Paper: InstaPrism: an R package for fast implementation of BayesPrism
Heterogeneous Bulk RNAseq Simulation
A framework for benchmarking cell-type deconvolution methods using realistic simulated bulk RNA-seq. Standard simulation pipelines randomly sample single cells regardless of intrinsic differences, producing unrealistic variance patterns. This heterogeneous simulation strategy reveals that deconvolution method classes differ dramatically in robustness to cellular heterogeneity, with BayesPrism and hybrid MuSiC/CIBERSORTx approaches performing best.
TISFM: Totally Interpretable Sequence to Function Model
An intrinsically interpretable neural network for predicting genomic function from DNA sequence. Unlike standard deep learning models where interpretability requires expensive post-hoc analysis, TISFM's internal parameters directly correspond to relevant sequence motifs. Tested on open chromatin data across immune cell types, it outperforms standard CNN models while correctly identifying transcription factors with known roles in cell differentiation.
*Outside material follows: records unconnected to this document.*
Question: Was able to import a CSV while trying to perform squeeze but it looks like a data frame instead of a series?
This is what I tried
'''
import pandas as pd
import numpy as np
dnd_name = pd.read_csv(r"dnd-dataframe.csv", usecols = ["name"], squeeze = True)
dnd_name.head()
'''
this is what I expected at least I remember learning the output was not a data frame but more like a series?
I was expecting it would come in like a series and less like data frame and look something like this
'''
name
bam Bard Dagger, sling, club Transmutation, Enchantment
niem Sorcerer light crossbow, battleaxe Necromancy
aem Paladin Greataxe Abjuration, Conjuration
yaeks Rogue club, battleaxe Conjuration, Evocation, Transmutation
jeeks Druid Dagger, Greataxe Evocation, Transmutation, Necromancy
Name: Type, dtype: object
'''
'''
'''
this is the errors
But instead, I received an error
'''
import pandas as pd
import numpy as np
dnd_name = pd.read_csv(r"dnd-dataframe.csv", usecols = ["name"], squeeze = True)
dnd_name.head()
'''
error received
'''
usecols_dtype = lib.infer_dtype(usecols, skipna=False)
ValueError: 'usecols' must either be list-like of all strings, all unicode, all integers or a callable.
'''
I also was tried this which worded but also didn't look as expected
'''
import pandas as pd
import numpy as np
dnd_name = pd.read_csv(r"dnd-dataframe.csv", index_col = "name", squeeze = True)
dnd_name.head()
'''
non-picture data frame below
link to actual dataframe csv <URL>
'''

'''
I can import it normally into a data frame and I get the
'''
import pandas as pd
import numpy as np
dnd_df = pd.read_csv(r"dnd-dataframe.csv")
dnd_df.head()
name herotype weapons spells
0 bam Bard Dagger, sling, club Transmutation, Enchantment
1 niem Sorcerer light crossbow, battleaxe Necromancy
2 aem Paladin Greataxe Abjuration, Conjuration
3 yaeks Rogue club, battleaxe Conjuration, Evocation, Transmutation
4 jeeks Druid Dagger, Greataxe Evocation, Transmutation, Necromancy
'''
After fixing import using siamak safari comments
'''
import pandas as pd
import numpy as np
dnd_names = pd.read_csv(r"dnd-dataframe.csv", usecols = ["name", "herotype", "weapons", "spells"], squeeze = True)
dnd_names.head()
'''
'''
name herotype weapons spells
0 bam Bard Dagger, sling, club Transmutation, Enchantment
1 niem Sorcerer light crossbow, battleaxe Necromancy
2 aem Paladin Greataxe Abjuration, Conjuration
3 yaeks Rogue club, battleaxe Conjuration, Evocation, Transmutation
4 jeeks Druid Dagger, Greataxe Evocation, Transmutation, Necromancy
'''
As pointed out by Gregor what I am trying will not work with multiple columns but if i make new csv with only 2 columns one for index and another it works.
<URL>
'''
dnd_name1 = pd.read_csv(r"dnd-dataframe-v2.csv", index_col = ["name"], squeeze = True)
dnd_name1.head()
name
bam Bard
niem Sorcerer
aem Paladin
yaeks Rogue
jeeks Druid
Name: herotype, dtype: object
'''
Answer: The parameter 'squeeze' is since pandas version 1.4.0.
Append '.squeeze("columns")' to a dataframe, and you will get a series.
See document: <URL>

Paper: TISFM: totally interpretable sequence to function model
NIFA: Non-negative Independent Factor Analysis
A probabilistic model that simultaneously captures discrete cell-type identity and continuous pathway activity in single-cell RNA-seq data by combining properties of non-negative matrix factorization and independent component analysis. NIFA outperforms ICA, PCA, NMF, and scCoGAPS on benchmarks, and when applied to immunotherapy data, reproduces and refines previous findings while enabling discovery of new clinically relevant cell states.
PLIER: Pathway-Level Information Extractor
PLIER is a matrix decomposition method that uses prior information from pathway databases to find an interpretable latent variable representation of gene expression datasets.
Paper: Pathway-Level Information ExtractoR (PLIER): a generative model for gene expression data
RERconverge
A suite of tools to calculate relative evolutionary rates (RERs) and their associations with phenotypes.
Application papers:
CellCODE
An R package for differential expression analysis that accounts for varying cell-type proportions in heterogeneous tissue samples. CellCODE uses latent variable analysis to estimate surrogate proportion variables from marker genes, then incorporates these into differential expression to improve detection of regulated genes and assign them to their cell type of origin — all without requiring additional experimental data beyond expression measurements.
DataRemix
An R package that optimizes a singular value decomposition-based data transformation with three tunable parameters to prioritize biological signals over noise, without requiring external dataset-specific knowledge. DataRemix outperforms standard normalization methods and was used to discover what is believed to be the first replicable trans-eQTL effect in human brain tissue.
IntervalStats
A tool to compute associations between genomic intervals such as peaks for a ChIPseq or ATACseq dataset that uses exact enumeration to compute accurate p-values.
code | Also available as part of the coloc-stats webserver
Paper: An effective statistical evaluation of ChIPseq dataset similarity
EPIANN
An attention-based deep learning model to predict interacting chromosomal regions.